Diese Entfernung der Linse aus dem Auge, die sogenannte Staaroperation, erfordert natürlich große Fertigkeit, wird aber durch verbesserte Operationsverfahren und sicherere Wundbehandlung heutzutage in der bei weitem überwiegenden Mehrzahl der Fälle erfolgreich ausgeführt. Sehr schmerzhaft ist die Operation nicht und gar von Gefährdung des Lebens durch dieselbe kann kaum die Rede sein, Gründe genug, daß die große Scheu vor derselben, wie sie noch vielfach herrscht, ganz unberechtigt erscheint, wenn jene auch an dem edelsten Sinnesorgane. (und gerade weil sie an diesem) gemacht wird. Das Lebensalter ist ebenfalls kein Hinderniß für ihre Ausführung, sobald der Staar nur „reif“, das heißt, wenn die Linse vollkommen trübe ist: sie kann bei kleinen Kindern sowohl, wie bei Hochbejahrten vorgenommen werden, wenn auch bei beiden verschiedene Verfahren eingehalten werden müssen. Das frühere Alter hat sogar den Vorzug, daß die verdunkelte Linse während dieses meist nur durch die Hornhaut hindurch (Fig. 2 m a) einfach angestochen zu werden braucht, worauf sie vermöge der mächtigen Lebensthätigkeit des kindlichen Organismns von selbst aufgesaugt wird und verschwindet. Wenn man also zuweilen in Zeitungen liest, der berühmte Profestor X. habe ein von Geburt aus blindes Kind, im 7. Lebensjahre z. B., so geschickt und schmerzlos operirt, daß es wieder sehe, so ist das durchaus nichts Wunderbares, ja nicht einmal etwas außergewöhnliches: ist doch gerade das dabei geübte einfache und leichte Verfahren schon seit uralter Zeit gebräuchlich gewesen, und bei den alten Indern, Aegyptern, Griechen, Arabern ebenso häufig, wie bei den Neueren durchgeführt worden.

Fig. 2.
a. getrübte Linse.

Nur mit dem Unterschiede, daß diese letzteren gerade in dem Atropin noch ein sicheres Mittel besitzen, die früher dabei vorhandenen Gefahren zu verhüten und abzuwenden. Dagegen im höchsten Alter werden diese letzteren jetzt durch die kürzere Nachbehandlungszeit, welche heute nöthig ist, und durch die technischen und hygieinischen Hülfsmittel, welche die Neuzeit geschaffen hat, bedeutend vermindert.

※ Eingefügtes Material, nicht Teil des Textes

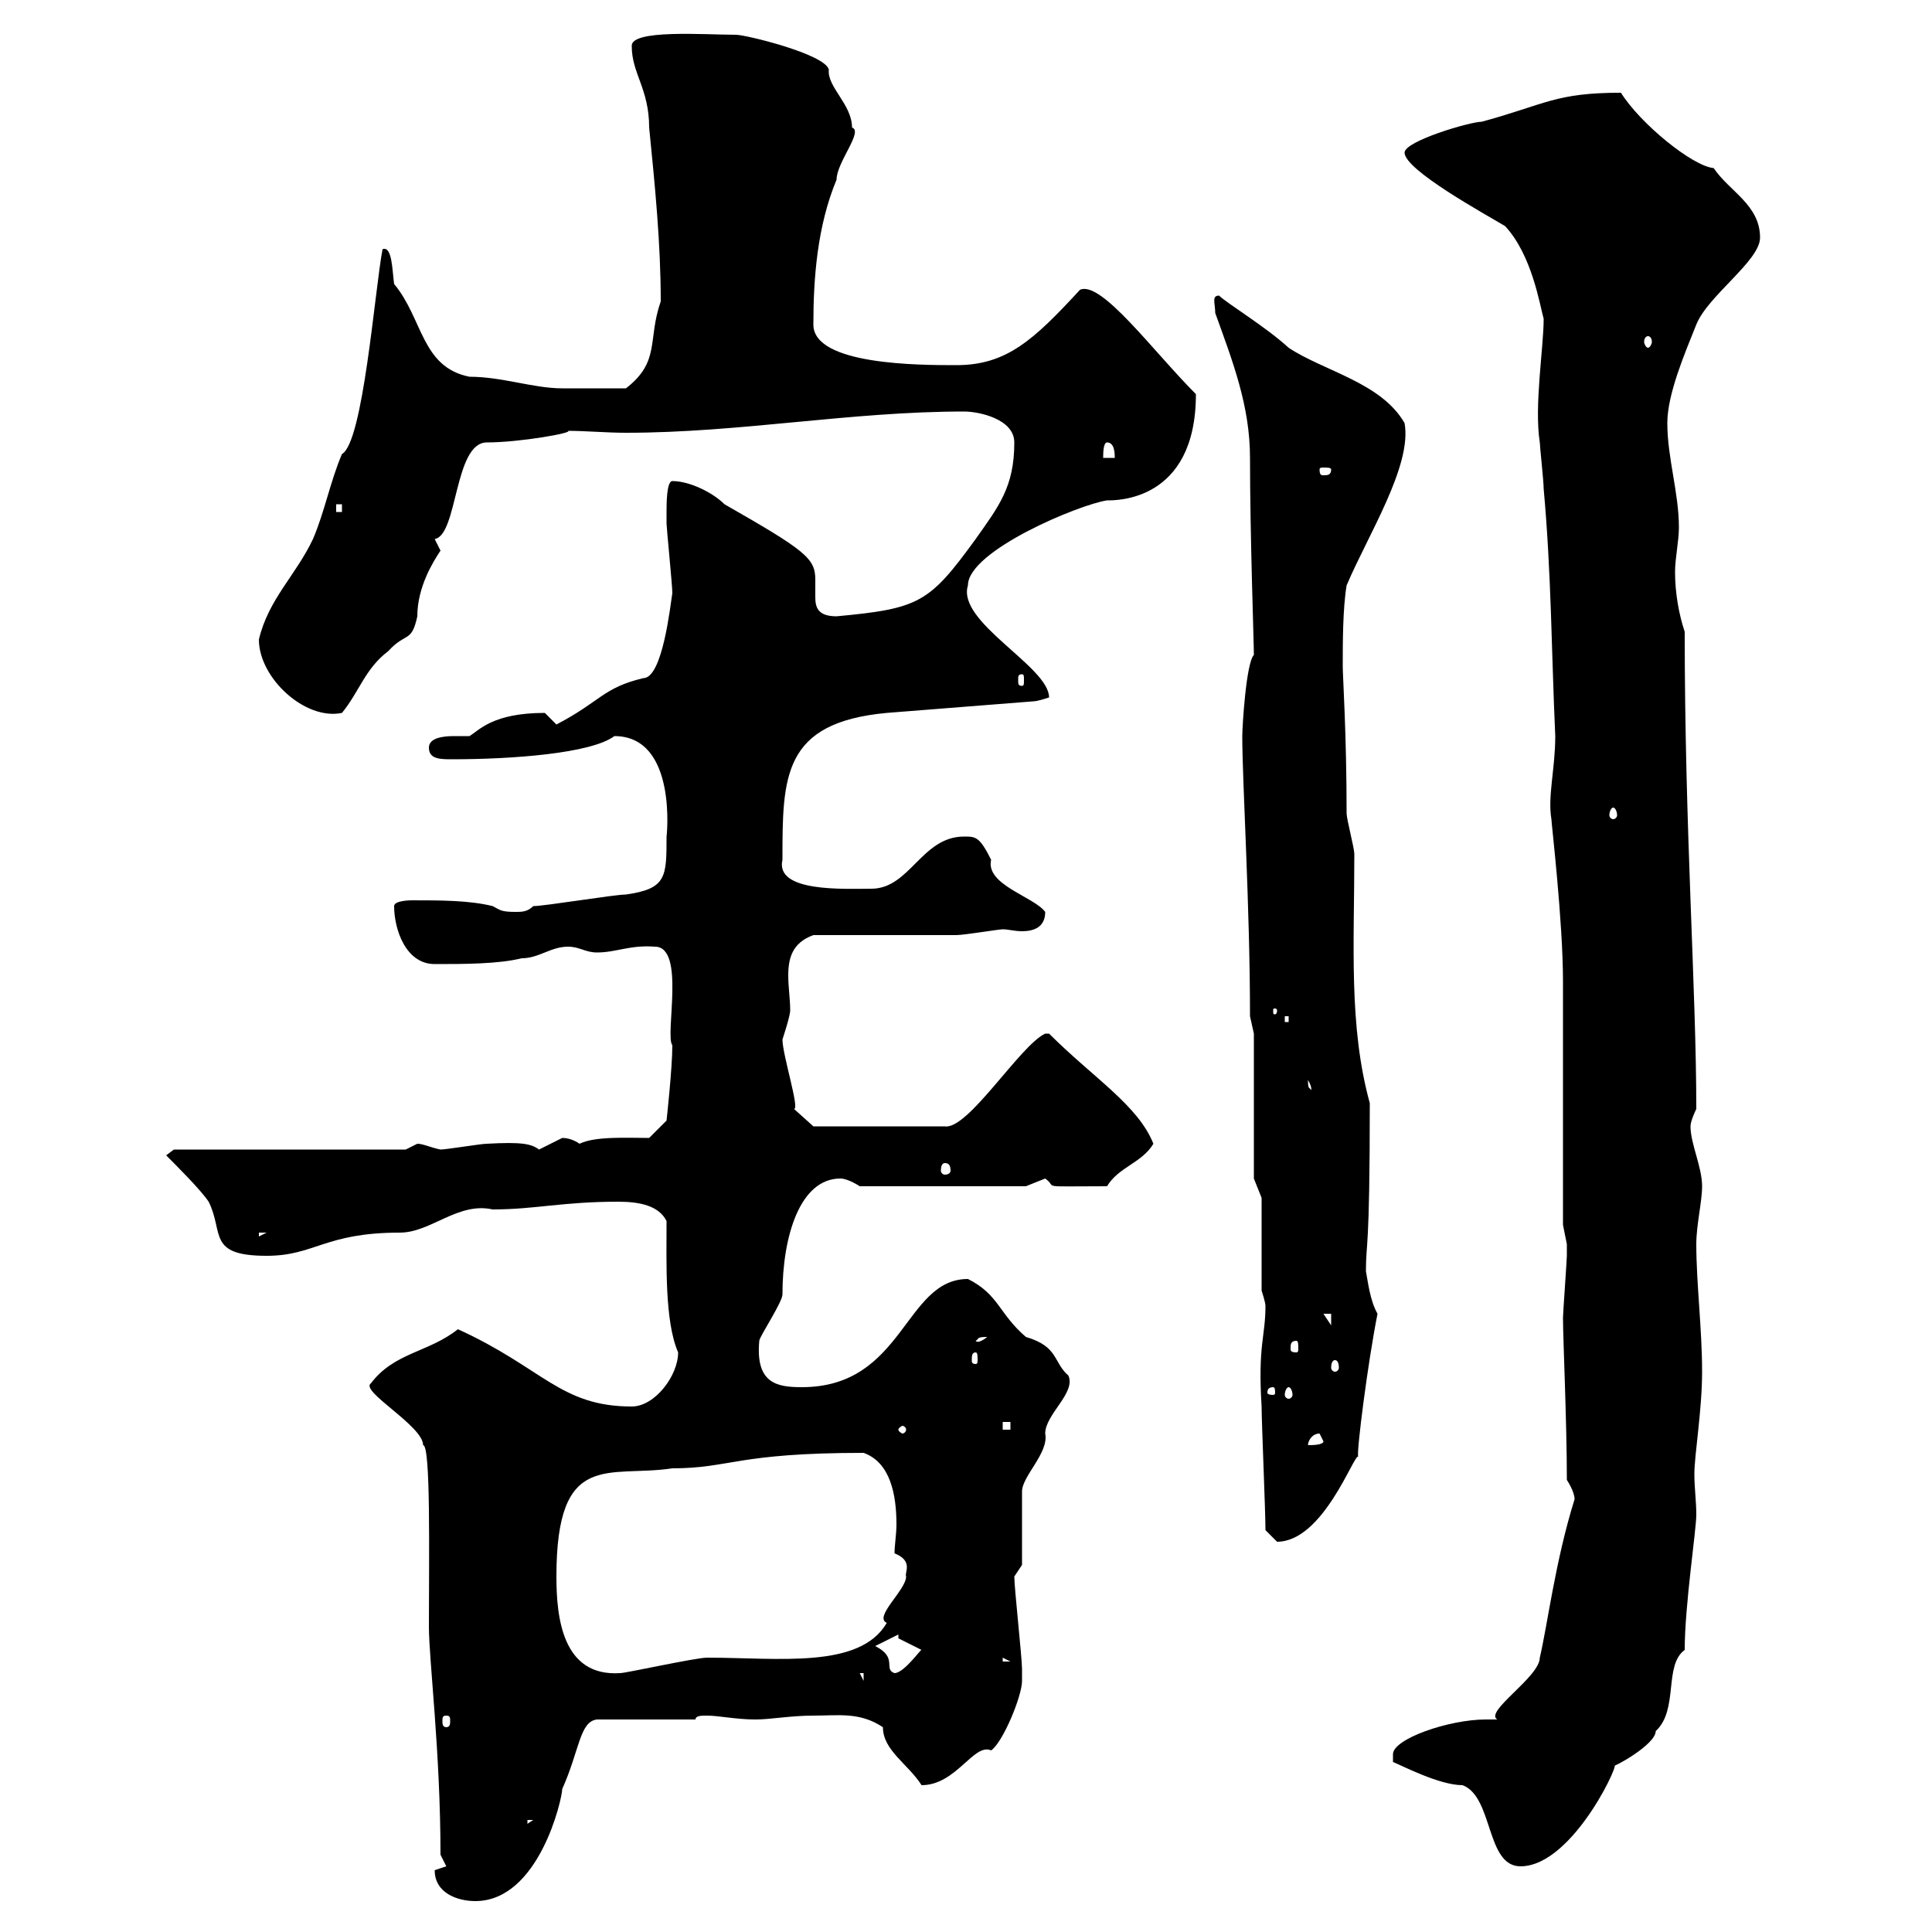 <svg xmlns="http://www.w3.org/2000/svg" xmlns:xlink="http://www.w3.org/1999/xlink" width="300" height="300"><path d="M67.50 290.40C67.50 294 71.10 295.20 73.80 295.20C83.70 295.20 87.30 279.30 87.30 277.80C90 271.80 90 267.30 92.70 267L108 267C108 266.40 108.90 266.40 109.80 266.40C111.60 266.40 114.30 267 117.30 267C119.70 267 122.70 266.40 126.30 266.40C130.20 266.40 133.50 265.80 137.10 268.20C137.10 271.80 141 273.90 143.10 277.20C148.50 277.20 151.20 270.60 153.90 271.80C155.70 270.60 158.70 263.40 158.70 261C158.70 261 158.70 259.20 158.70 259.20C158.70 257.40 157.50 246.60 157.50 244.80L158.70 243C158.70 241.20 158.70 233.40 158.70 231.60C158.70 229.20 162.90 225.60 162.30 222.60C162.30 219.60 167.10 216.30 165.90 213.60C163.50 211.50 164.40 209.10 159.30 207.60C155.10 204 155.10 201 150.30 198.60C140.40 198.60 140.40 215.40 124.50 215.40C120.60 215.40 117.30 214.80 117.90 208.20C117.90 207.60 121.50 202.20 121.50 201C121.50 192 124.20 183 130.50 183C131.70 183 133.50 184.20 133.50 184.20L159.30 184.20C159.30 184.20 162.30 183 162.30 183C164.40 184.50 160.80 184.20 171.90 184.20C173.70 181.20 177.30 180.60 179.10 177.60C176.70 171.60 169.80 167.40 162.90 160.50L162.30 160.50C158.40 162.30 150.30 175.50 146.70 174.90L126.30 174.90L123.30 172.20C124.20 172.20 121.50 163.80 121.50 161.40C121.50 161.40 122.70 157.80 122.70 156.90C122.70 155.10 122.40 153.30 122.40 151.50C122.40 148.80 123 146.40 126.30 145.20C129.90 145.20 144.90 145.20 148.50 145.20C149.70 145.20 155.10 144.30 155.70 144.30C156.60 144.30 157.50 144.60 158.70 144.60C160.50 144.60 162.30 144 162.30 141.60C160.50 139.20 153 137.40 153.90 133.50C152.10 129.90 151.50 129.90 149.70 129.90C143.10 129.90 141.30 138 135.30 138C131.10 138 120.30 138.60 121.50 133.50C121.50 120.60 121.50 112.20 137.70 110.70L160.50 108.90C161.10 108.90 162.90 108.30 162.90 108.30C162.90 103.50 148.50 96.60 150.30 90.90C150.30 85.50 167.70 78.30 171.90 77.70C173.10 77.70 185.70 78 185.70 61.20C179.10 54.60 171 43.50 167.70 45C160.50 52.80 156.30 56.70 148.50 56.70C142.80 56.70 126.30 56.70 126.30 50.40C126.30 43.20 126.90 35.10 129.90 27.90C129.90 25.20 134.10 20.40 132.30 19.80C132.30 16.20 128.40 13.50 128.70 10.80C128.10 8.40 115.80 5.40 114.30 5.40C109.50 5.40 97.80 4.50 98.10 7.20C98.10 11.40 100.80 13.80 100.80 19.80C101.70 28.80 102.60 37.80 102.60 46.80C100.50 52.80 102.60 56.10 97.20 60.30C93.30 60.30 88.80 60.30 87.30 60.30C82.80 60.30 78 58.50 72.90 58.50C65.40 57 65.70 49.50 61.20 44.10C60.90 42 60.90 38.10 59.40 38.70C58.20 45 56.40 68.70 53.10 70.50C51.30 74.70 50.40 79.50 48.60 83.70C45.90 89.40 41.70 93 40.20 99.30C40.20 105.30 47.40 111.90 53.10 110.70C55.80 107.40 56.70 103.80 60.30 101.10C63 98.10 63.90 99.90 64.80 95.70C64.80 91.20 67.20 87.30 68.40 85.50C68.40 85.50 67.50 83.70 67.50 83.70C71.10 83.10 70.50 68.70 75.60 68.70C80.70 68.70 89.10 67.20 88.20 66.90C90.90 66.90 94.20 67.20 97.20 67.20C114.90 67.20 132 63.90 149.70 63.90C152.10 63.90 157.50 65.10 157.50 68.70C157.50 75.60 155.10 78.60 151.50 83.70C144.30 93.60 142.80 94.50 129.90 95.70C126.90 95.70 126.60 94.20 126.60 92.70C126.60 91.80 126.60 90.90 126.60 90C126.60 86.70 125.10 85.50 112.50 78.30C110.70 76.50 107.10 74.70 104.40 74.70C103.50 74.70 103.50 78.30 103.50 79.50C103.50 79.50 103.50 81.30 103.50 81.30C103.50 81.90 104.40 90.90 104.40 92.10C104.10 93.90 102.90 105.30 99.90 105.30C93.60 106.80 93.30 108.90 86.40 112.50C86.40 112.50 84.60 110.70 84.60 110.70C76.50 110.70 74.40 113.40 72.90 114.30C72.60 114.30 71.70 114.30 70.50 114.30C68.70 114.30 66.60 114.60 66.60 116.10C66.60 117.90 68.40 117.90 70.20 117.90C79.50 117.90 91.80 117 95.40 114.30C105.30 114.30 103.50 130.20 103.50 129.90C103.50 136.20 103.50 138 97.20 138.90C95.40 138.90 84.60 140.70 82.80 140.70C81.90 141.60 81 141.60 80.10 141.60C77.70 141.60 77.70 141.30 76.50 140.70C72.90 139.80 68.40 139.80 63.90 139.80C63.90 139.80 61.20 139.80 61.20 140.70C61.20 144.30 63 149.70 67.50 149.70C72 149.70 77.40 149.70 81 148.80C83.70 148.80 85.50 147 88.20 147C90 147 90.90 147.90 92.70 147.90C95.70 147.90 97.80 146.70 101.70 147C106.50 147 103.20 160.80 104.40 162.30C104.40 165.90 103.50 174 103.50 174L100.80 176.70C97.50 176.70 92.40 176.40 90 177.60C89.10 177 88.20 176.70 87.30 176.70C87.30 176.70 83.70 178.50 83.70 178.50C82.50 177.60 81 177.30 75.60 177.60C74.70 177.60 69.30 178.50 68.40 178.50C66.90 178.20 65.70 177.60 64.80 177.60C64.80 177.60 63 178.50 63 178.50L27 178.50L25.80 179.40C27.60 181.20 31.20 184.80 32.40 186.60C34.80 191.40 32.10 195 41.40 195C48.90 195 50.40 191.40 62.10 191.40C66.90 191.40 71.10 186.60 76.50 187.80C83.10 187.80 87.30 186.60 96 186.60C99.30 186.60 102.30 187.20 103.50 189.60C103.50 196.20 103.20 205.20 105.30 210C105.30 213.60 101.70 218.40 98.10 218.40C87 218.40 84.30 212.40 71.10 206.40C66.60 210 61.20 210 57.60 214.80C55.80 216 65.70 221.40 65.70 224.40C66.90 224.40 66.60 241.50 66.60 252.60C66.60 257.70 68.40 272.10 68.40 288L69.30 289.80C69.30 289.80 67.50 290.40 67.50 290.40ZM216.30 272.40C216.30 272.40 216.30 273.60 216.30 273.60C217.80 274.20 223.50 277.20 227.10 277.20C231.90 279 230.70 289.80 236.10 289.80C244.50 289.80 252.30 272.10 250.50 274.20C250.50 274.50 257.10 270.90 257.10 268.80C260.70 265.50 258.30 258.60 261.60 256.20C261.60 249.30 263.40 237.60 263.40 235.20C263.40 233.10 263.10 231 263.10 228.90C263.10 225.90 264.30 219 264.30 213C264.30 206.40 263.40 199.20 263.40 193.20C263.40 190.20 264.30 186.60 264.30 184.20C264.30 181.20 262.50 177.60 262.50 174.90C262.50 174 263.40 172.20 263.40 172.20C263.40 153.60 261.60 129 261.60 98.10C260.70 95.40 260.10 92.10 260.10 88.80C260.10 86.70 260.70 84 260.70 81.90C260.70 76.50 258.90 71.10 258.90 65.70C258.90 61.20 261.60 54.90 263.40 50.40C265.20 45.90 273.30 40.50 273.30 36.90C273.30 31.80 268.50 29.70 266.10 26.10C262.80 25.80 254.70 19.20 251.70 14.40C241.50 14.40 240 16.20 230.10 18.90C228.30 18.90 218.10 21.90 218.10 23.70C218.10 26.40 230.70 33.30 233.70 35.10C237.90 39.60 239.10 47.40 239.70 49.50C239.70 54 238.20 63 239.10 68.70C239.10 69.30 239.70 74.70 239.70 75.90C240.90 89.10 240.90 101.10 241.50 114.30C241.50 119.40 240.30 123.60 240.90 127.20C240.90 127.80 242.70 143.10 242.70 152.40L242.70 190.20C242.70 190.20 243.30 193.20 243.30 193.20C243.30 193.80 243.30 194.40 243.30 195C243.30 195.60 242.70 204 242.70 204.60C242.70 207.90 243.30 220.80 243.30 229.80C243.30 229.80 244.50 231.60 244.50 232.80C241.50 242.40 240.30 252.30 239.10 257.40C239.10 260.40 230.40 265.80 232.50 267C231.90 267 231.30 267 230.70 267C225 267 216.30 270 216.30 272.40ZM81.90 282.60L82.80 282.60L81.90 283.20ZM69.30 266.40C69.90 266.40 69.90 266.70 69.90 267.30C69.90 267.60 69.90 268.20 69.30 268.20C68.70 268.20 68.70 267.60 68.70 267.30C68.70 266.70 68.70 266.40 69.30 266.40ZM133.50 259.80L134.10 259.80L134.10 261ZM86.40 244.80C86.40 225 94.50 229.50 104.40 228C113.40 228 114.30 225.60 134.10 225.60C138.30 227.10 139.20 232.20 139.20 236.70C139.20 238.20 138.90 240 138.90 241.20C141.90 242.40 140.40 244.20 140.70 244.80C140.70 246.90 135.60 251.10 137.70 252C133.50 259.20 120.90 257.40 109.80 257.40C108 257.40 97.20 259.80 96.30 259.80C87.30 260.40 86.40 251.10 86.40 244.80ZM135.90 255.60L139.50 253.80L139.50 254.40L143.10 256.20C143.10 255.90 140.40 259.80 138.90 259.80C137.10 259.20 139.50 257.40 135.90 255.60ZM155.70 257.40L156.90 258L155.70 258ZM196.50 237.60C196.50 237.60 198.30 239.40 198.30 239.40C205.50 239.40 210.30 225.60 210.90 226.20C210.60 225.60 212.40 211.50 213.90 204C212.70 201.90 212.40 198.90 212.10 197.40C212.10 192.60 212.70 195 212.70 171.30C209.40 159.30 210.30 146.70 210.30 132.60C210.30 131.70 209.10 127.20 209.10 126.30C209.10 114 208.50 105 208.50 103.50C208.50 99.90 208.50 94.50 209.10 90.90C212.40 83.10 219.30 72.30 218.10 65.70C214.50 59.40 205.50 57.60 200.10 54C196.50 50.70 190.50 47.10 189.30 45.90C188.10 45.90 188.70 47.10 188.70 48.60C191.40 56.10 194.10 63 194.10 71.10C194.10 83.10 194.70 99.60 194.70 101.70C193.50 102.90 192.90 112.80 192.90 114.30C192.90 121.50 194.10 140.70 194.10 157.80L194.70 160.50L194.70 183L195.90 186L195.90 200.40C195.90 200.40 196.50 202.20 196.50 202.80C196.50 207.60 195.30 208.80 195.90 218.40C195.90 220.80 196.50 234.60 196.50 237.60ZM204.90 222.60C204.90 222.60 205.50 223.80 205.50 223.80C205.50 224.40 203.70 224.40 203.10 224.40C203.10 223.80 203.70 222.60 204.90 222.60ZM140.70 222C140.70 222.30 140.40 222.60 140.10 222.60C140.10 222.60 139.50 222.30 139.50 222C139.50 221.70 140.10 221.40 140.10 221.40C140.40 221.40 140.70 221.70 140.70 222ZM155.70 220.80L156.90 220.80L156.90 222L155.70 222ZM197.70 215.40C198 215.40 198 216 198 216.30C198 216.30 198 216.60 197.70 216.60C196.80 216.60 196.80 216.30 196.80 216.30C196.80 216 196.80 215.40 197.70 215.40ZM200.10 215.40C200.40 215.40 200.70 216 200.70 216.60C200.70 216.90 200.40 217.20 200.10 217.20C199.80 217.20 199.50 216.90 199.50 216.60C199.50 216 199.80 215.40 200.10 215.40ZM207.30 211.20C207.60 211.20 207.90 211.50 207.90 212.40C207.90 212.70 207.60 213 207.30 213C207 213 206.70 212.70 206.70 212.40C206.70 211.50 207 211.20 207.30 211.20ZM151.50 210C151.80 210 151.80 210.60 151.80 211.20C151.80 211.50 151.80 211.80 151.50 211.80C150.90 211.80 150.90 211.50 150.90 211.20C150.90 210.60 150.90 210 151.50 210ZM201.30 208.20C201.60 208.20 201.60 208.80 201.60 209.40C201.60 209.70 201.60 210 201.30 210C200.40 210 200.40 209.70 200.40 209.40C200.40 208.80 200.40 208.20 201.30 208.20ZM153.30 207.60C151.80 208.80 151.50 208.20 151.50 208.20C152.10 207.90 151.50 207.60 153.30 207.60ZM205.50 204L206.70 204L206.70 205.80ZM40.20 191.40L41.40 191.40L40.20 192ZM146.70 180.60C147.30 180.60 147.60 180.90 147.60 181.80C147.60 182.10 147.30 182.40 146.70 182.40C146.40 182.40 146.10 182.10 146.10 181.80C146.10 180.90 146.40 180.60 146.70 180.60ZM203.10 167.70C204 169.20 203.40 169.50 203.70 169.50C203.40 168.60 203.10 169.50 203.10 167.70ZM199.50 157.80L200.10 157.80L200.10 158.70L199.50 158.70ZM198.30 156.90C198.30 157.50 198 157.50 198 157.50C197.70 157.50 197.70 157.50 197.70 156.90C197.70 156.60 197.70 156.60 198 156.60C198 156.60 198.30 156.60 198.30 156.90ZM250.50 125.40C250.80 125.40 251.10 126 251.10 126.60C251.10 126.90 250.80 127.20 250.50 127.20C250.20 127.20 249.90 126.90 249.90 126.60C249.90 126 250.20 125.40 250.50 125.40ZM158.70 104.70C159 104.70 159 105 159 105.60C159 106.20 159 106.50 158.70 106.50C158.10 106.50 158.10 106.20 158.10 105.60C158.10 105 158.10 104.70 158.70 104.70ZM52.20 78.30L53.10 78.30L53.10 79.50L52.20 79.50ZM206.70 72.90C206.70 73.80 206.10 73.80 205.50 73.80C205.20 73.80 204.90 73.80 204.90 72.90C204.90 72.60 205.20 72.60 205.50 72.60C206.10 72.60 206.70 72.60 206.70 72.90ZM171.90 68.70C173.10 68.70 173.10 70.50 173.10 71.10L171.30 71.10C171.30 70.50 171.30 68.70 171.90 68.70ZM255.90 52.20C256.20 52.20 256.50 52.50 256.50 53.10C256.50 53.40 256.20 54 255.90 54C255.60 54 255.30 53.40 255.30 53.10C255.30 52.50 255.60 52.20 255.90 52.20Z"/></svg>

Wollten wir hier mehr als einige praktische Winke und Erklärungen über Dinge geben, die im Leben heute noch nicht genug bekannt sind oder beachtet werden, so müßten wir noch von den verschiedenen Formen des grauen Staars, dem Rinden-, Kern-, vorderen und hinteren Kapselstaar etc. sprechen; das wäre aber allzu lehrbuchmäßig für diese Stelle! Wir wollen deshalb nur noch die Bemerkung anfügen, daß ein Staarkranker sich nicht, wie es fast immer geschieht, mit einer Untersuchung behufs Feststellung seines Uebels begnügen und dann, wenn es ihm gut dünkt, die Operation in einer Klinik verlangen sollte; vielmehr ist es von wesentlichem Vortheil für den Erfolg der letzteren, wenn der Verlauf des Staares bis dahin stets überwacht wird. Denn es können sehr wohl Erscheinungen zu Tage treten, die besondere und nicht selten schleunige Hülfe nöthig machen, deren Versäumniß sich bitter rächen würde. –

Ein viel räthselhafteres und auch gefährlicheres Leiden, als der graue, ist der sogenannte „grüne Staar“, über den wir einige Worte sagen wollen.

„Dabei sieht wohl das Auge so grün aus, wie ein im Dunkeln leuchtendes Katzenauge?“ fragt, wer den Namen zum ersten Male hört, ganz sicher, und so fragt im Stillen wohl auch mancher Leser.

Nun ist aber bei diesem Uebel von irgend einer grünen Färbung am Auge oder von einem grünen Widerschein aus der Pupille gar keine Spur zu finden!

„Woher stammt denn aber diese sonderbare Bezeichnung?“

Ja, wer das sicher wüßte! Höchst wahrscheinlich ist dieselbe eine schlechte Uebersetzung des technischen Namens „Glaukom“, mit dem die Krankheit bei den Aerzten von jeher benannt ward. Eine sachgemäße Benennung aber giebt es überhaupt noch nicht, weil weder die Natur, noch der Sitz des Uebels in einem bestimmten Augentheil, noch die Ursachen desselben – die Einen glauben als solche eine Entzündung der Aderhaut, die Andern eine Störung durch Nerveneinfluß etc. annehmen zu müssen – genau erkannt und erforscht sind.

Fig. 3.
Vertiefung des Sehnerveneintritts in’s Auge (a) und Verkleinerung der vorderen Augenkammer (b) bei Glaukom. (Im Durchschnitt gesehen.)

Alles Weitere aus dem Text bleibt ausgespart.